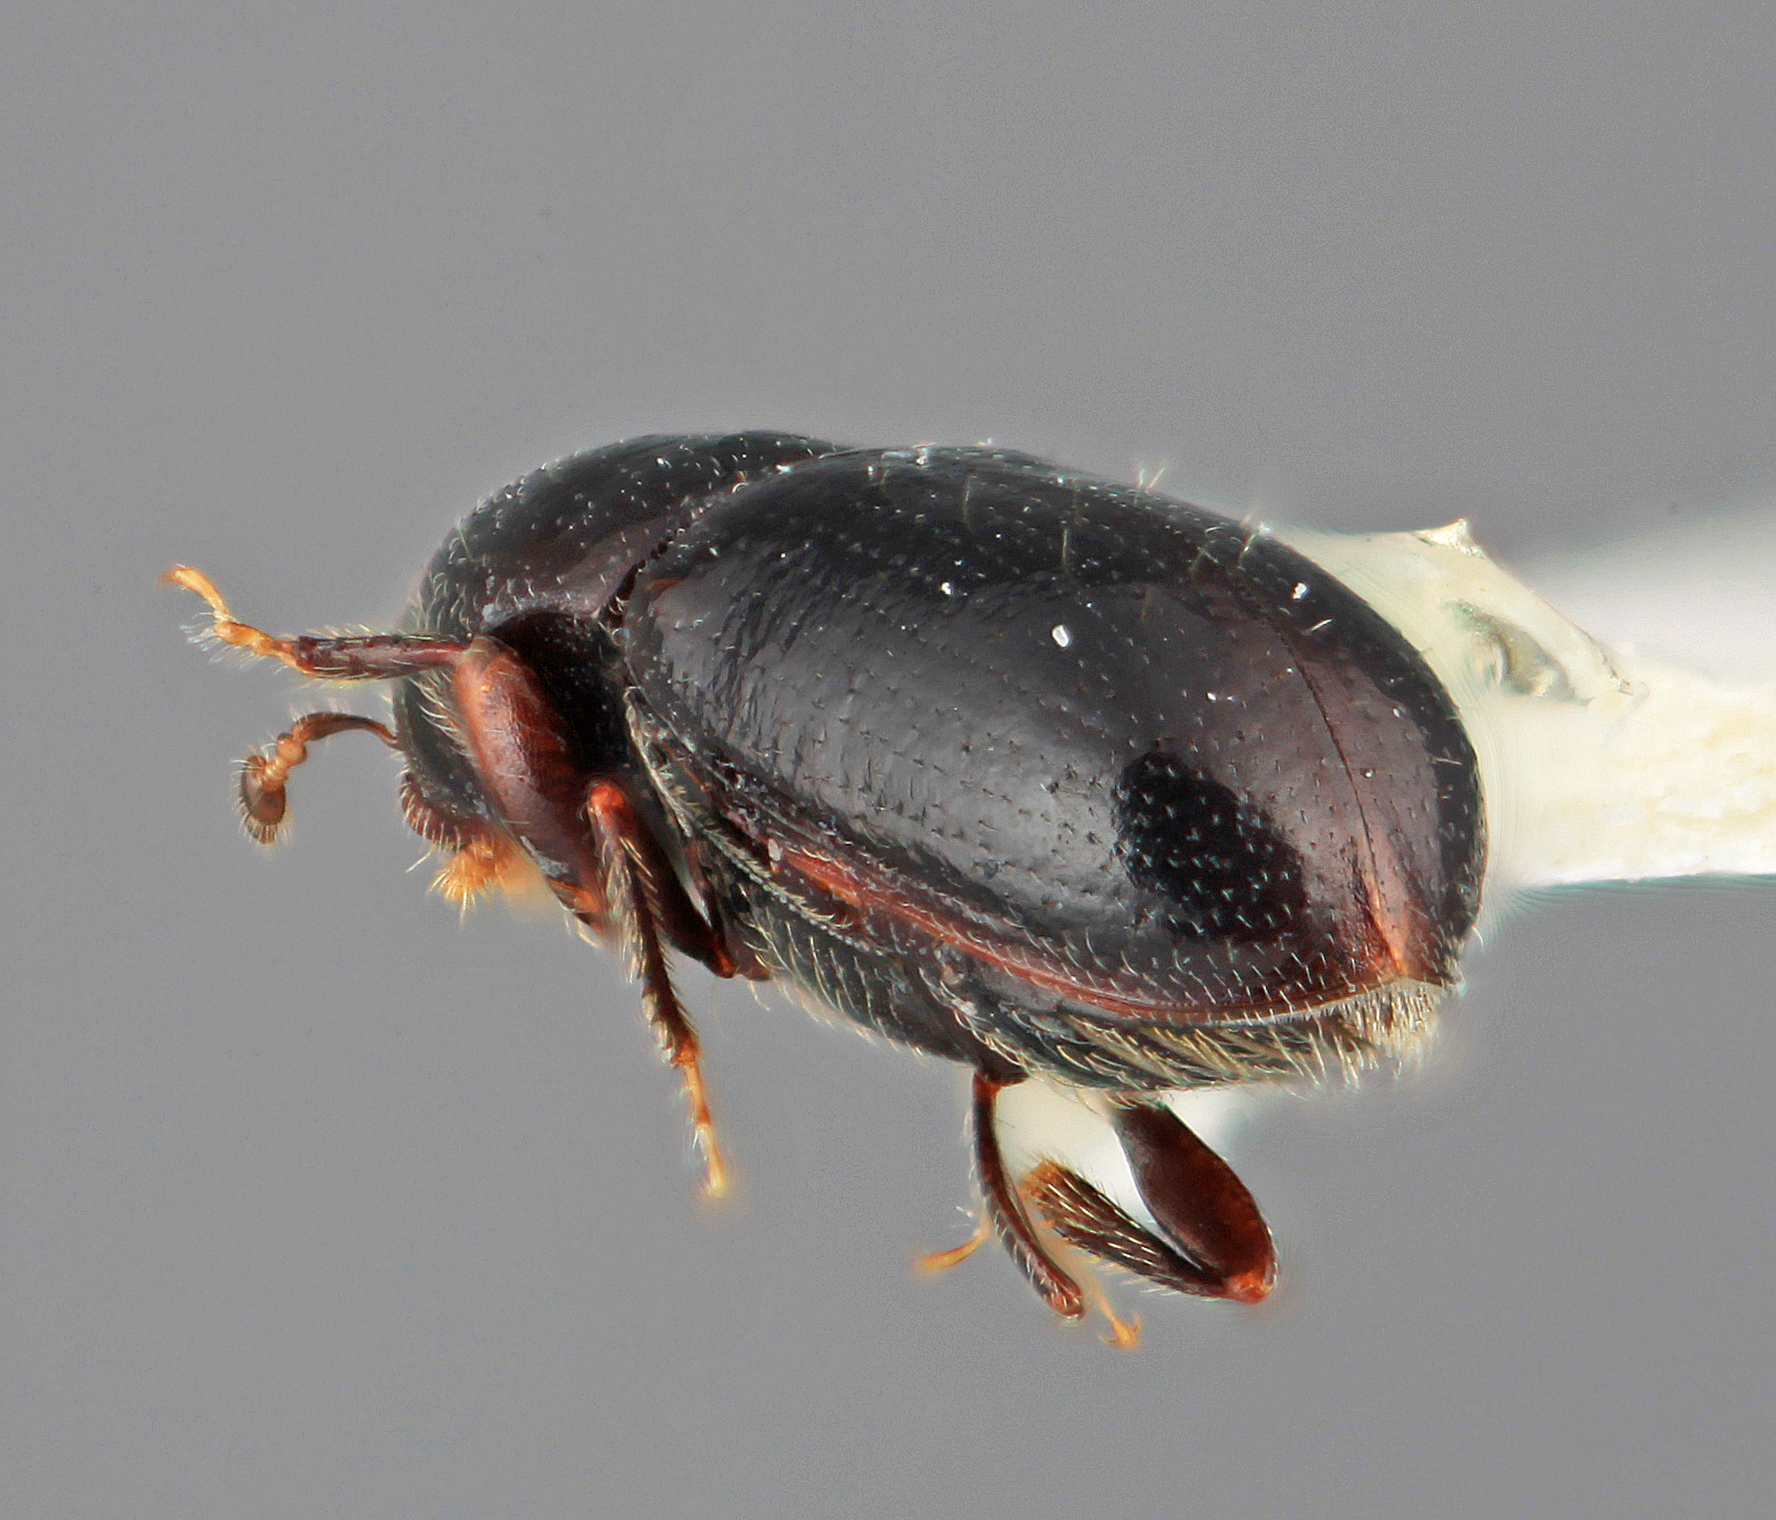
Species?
Scolytodes clusiae
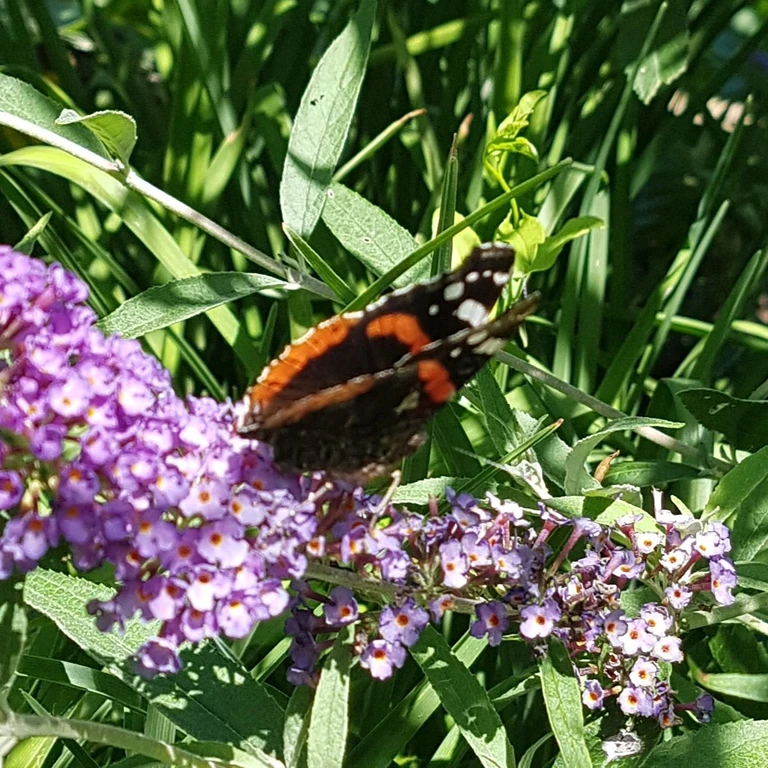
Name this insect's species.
Vanessa atalanta
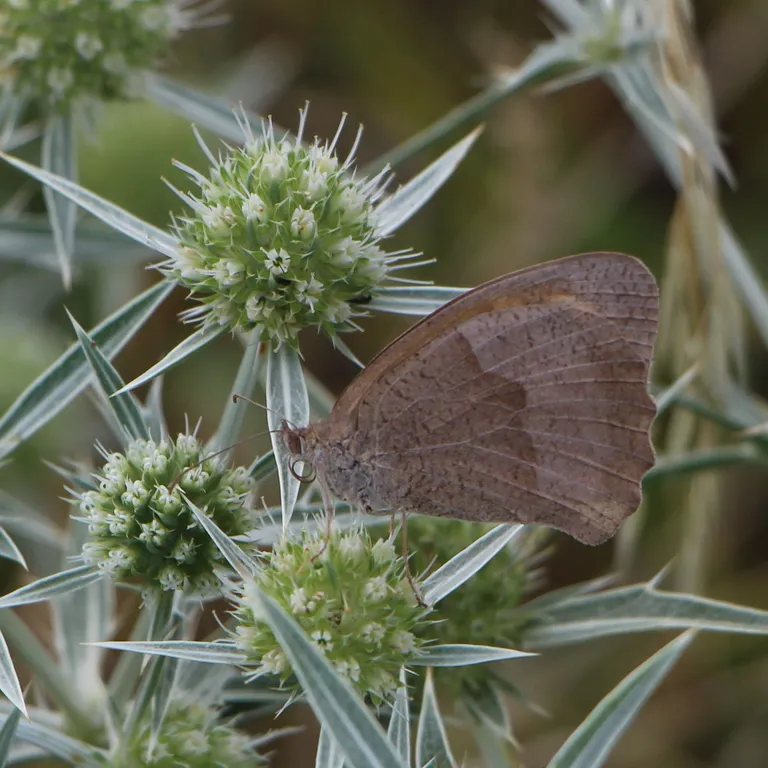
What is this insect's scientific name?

——————————

Output all entries unchanged; skip the pictures.

- [RESULT OF THE EXERCISE]:
Species?
Scolytodes clusiae
Name this insect's species.
Vanessa atalanta
What is this insect's scientific name?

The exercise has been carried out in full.